## Problem details
Every line of the material needs an exact copy, apart from the images.

## Data extract
┌──

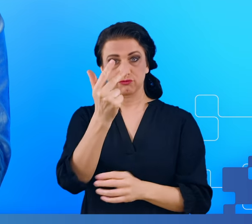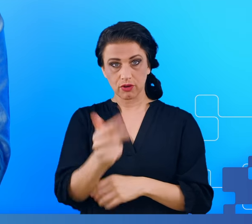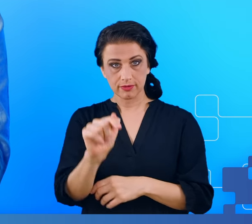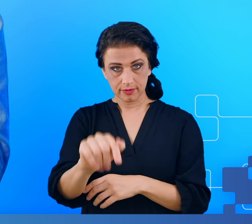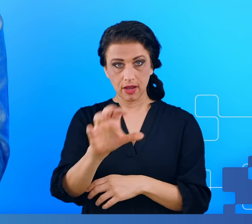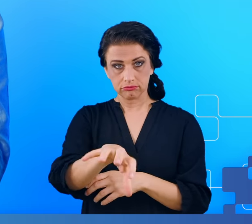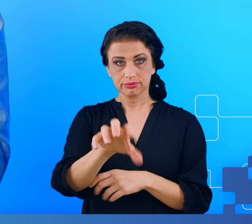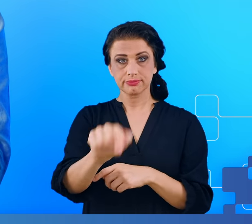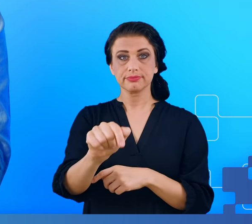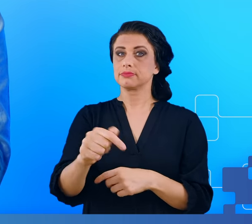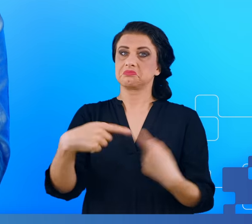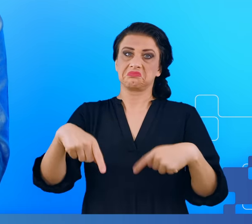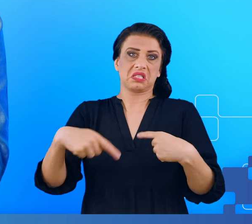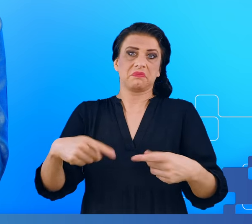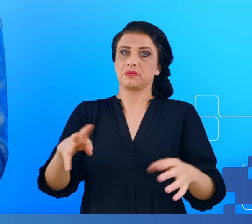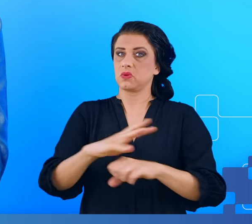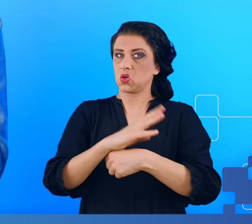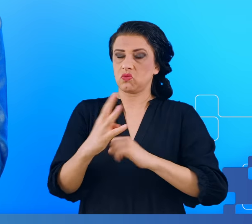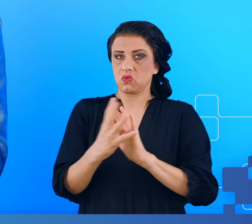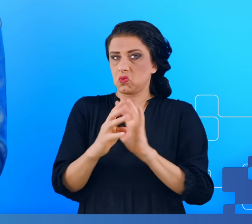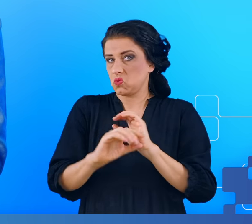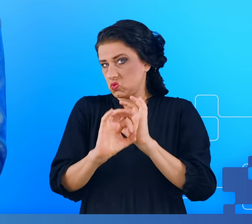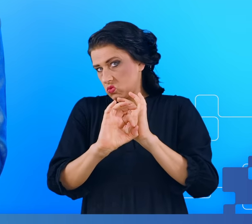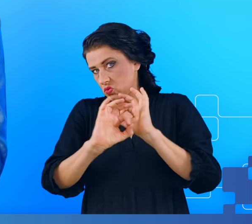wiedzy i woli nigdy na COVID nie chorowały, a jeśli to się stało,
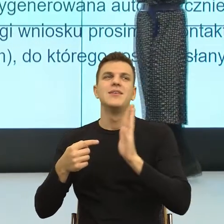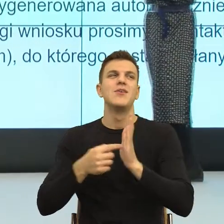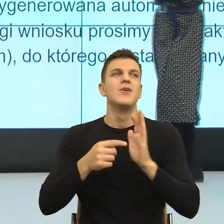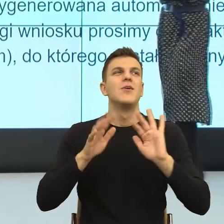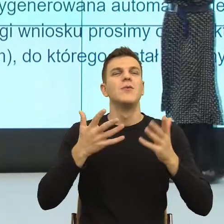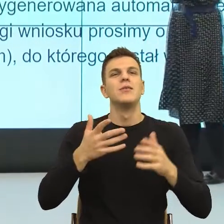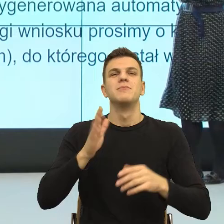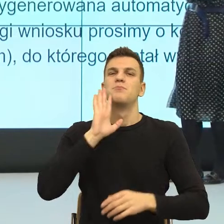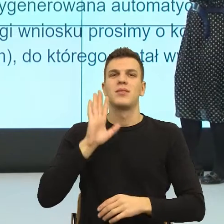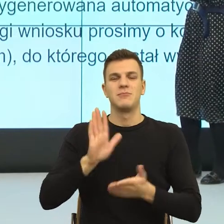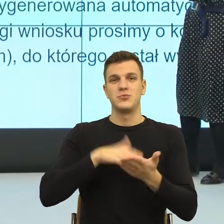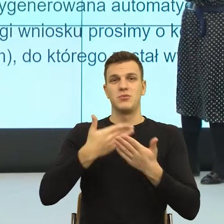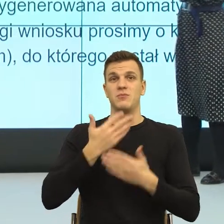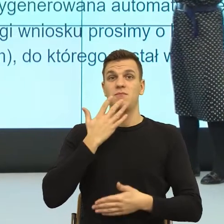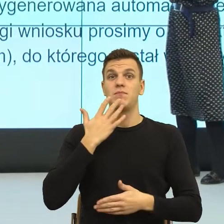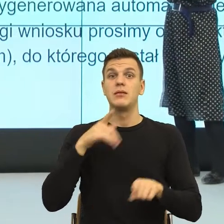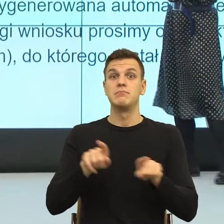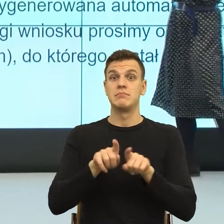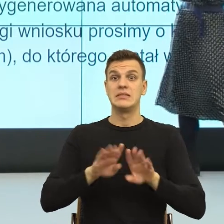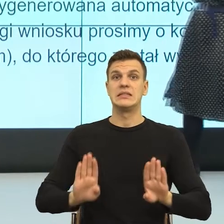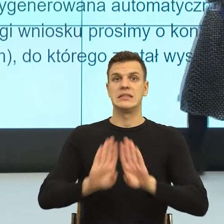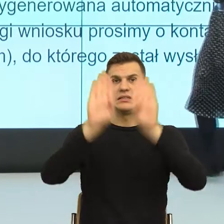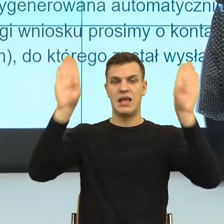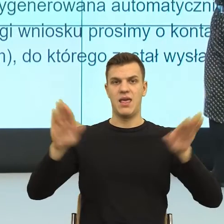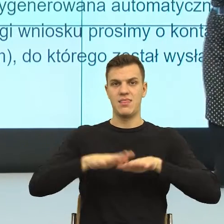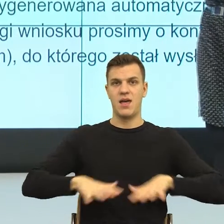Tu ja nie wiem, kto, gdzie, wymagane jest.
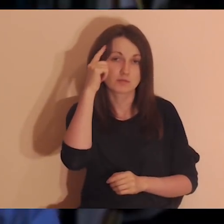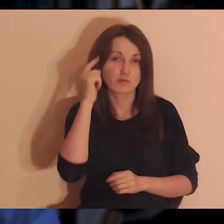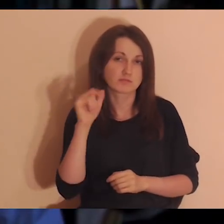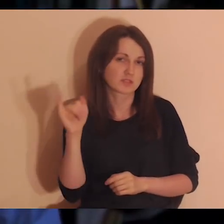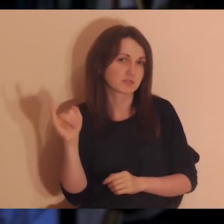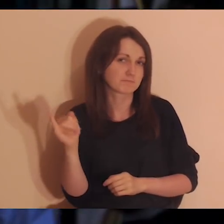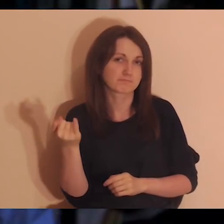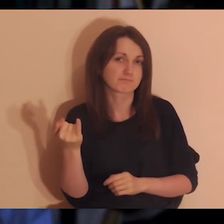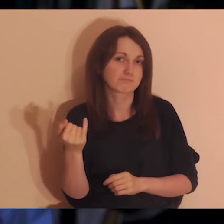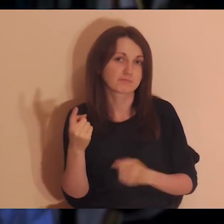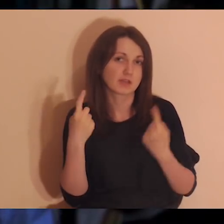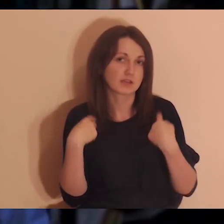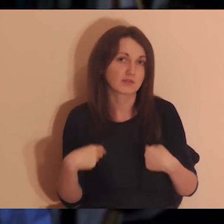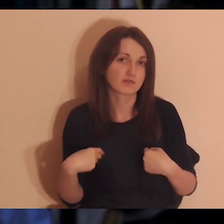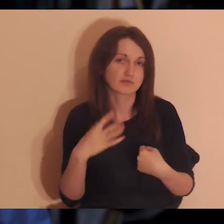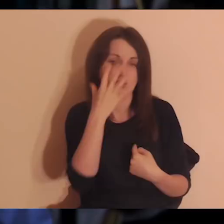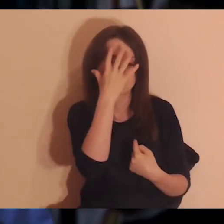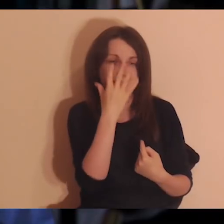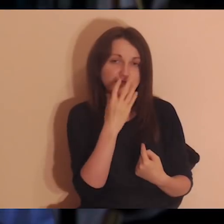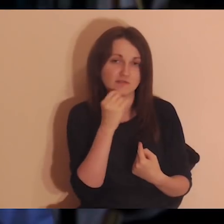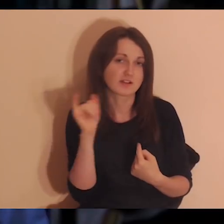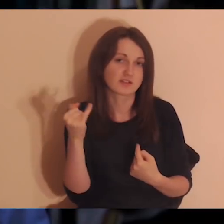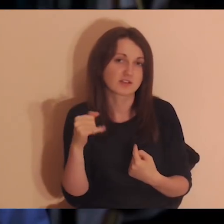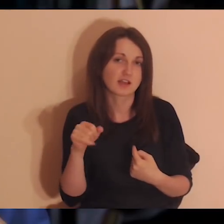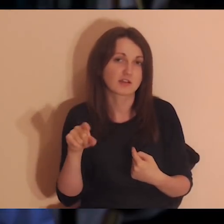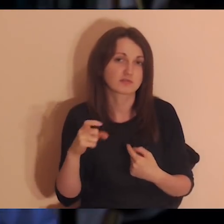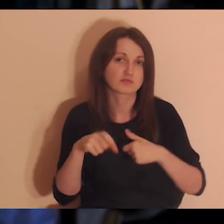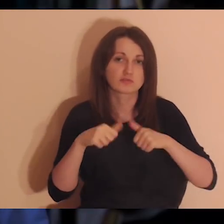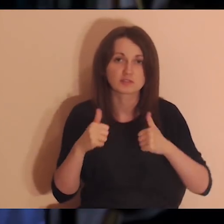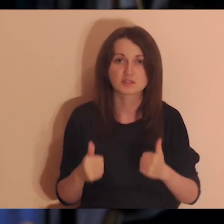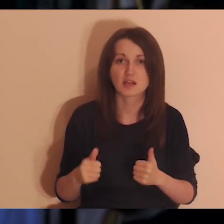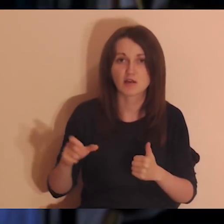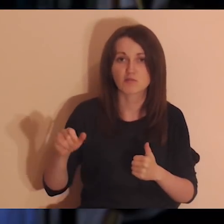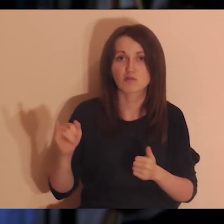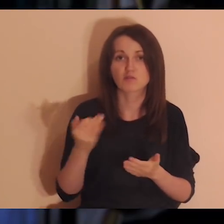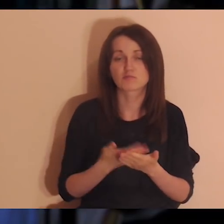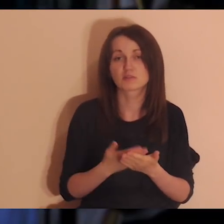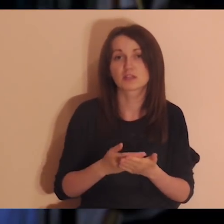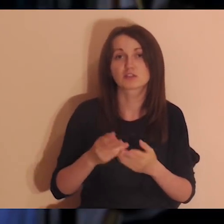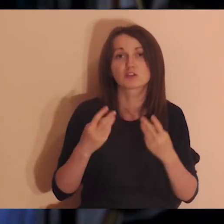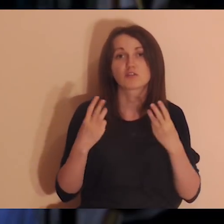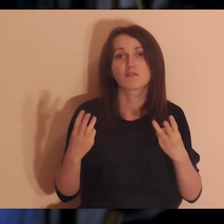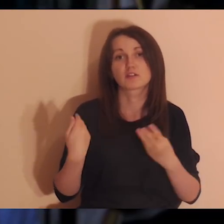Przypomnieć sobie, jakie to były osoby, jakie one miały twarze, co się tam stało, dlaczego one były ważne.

└──

## Reply
wiedzy i woli nigdy na COVID nie chorowały, a jeśli to się stało,
Tu ja nie wiem, kto, gdzie, wymagane jest.
Przypomnieć sobie, jakie to były osoby, jakie one miały twarze, co się tam stało, dlaczego one były ważne.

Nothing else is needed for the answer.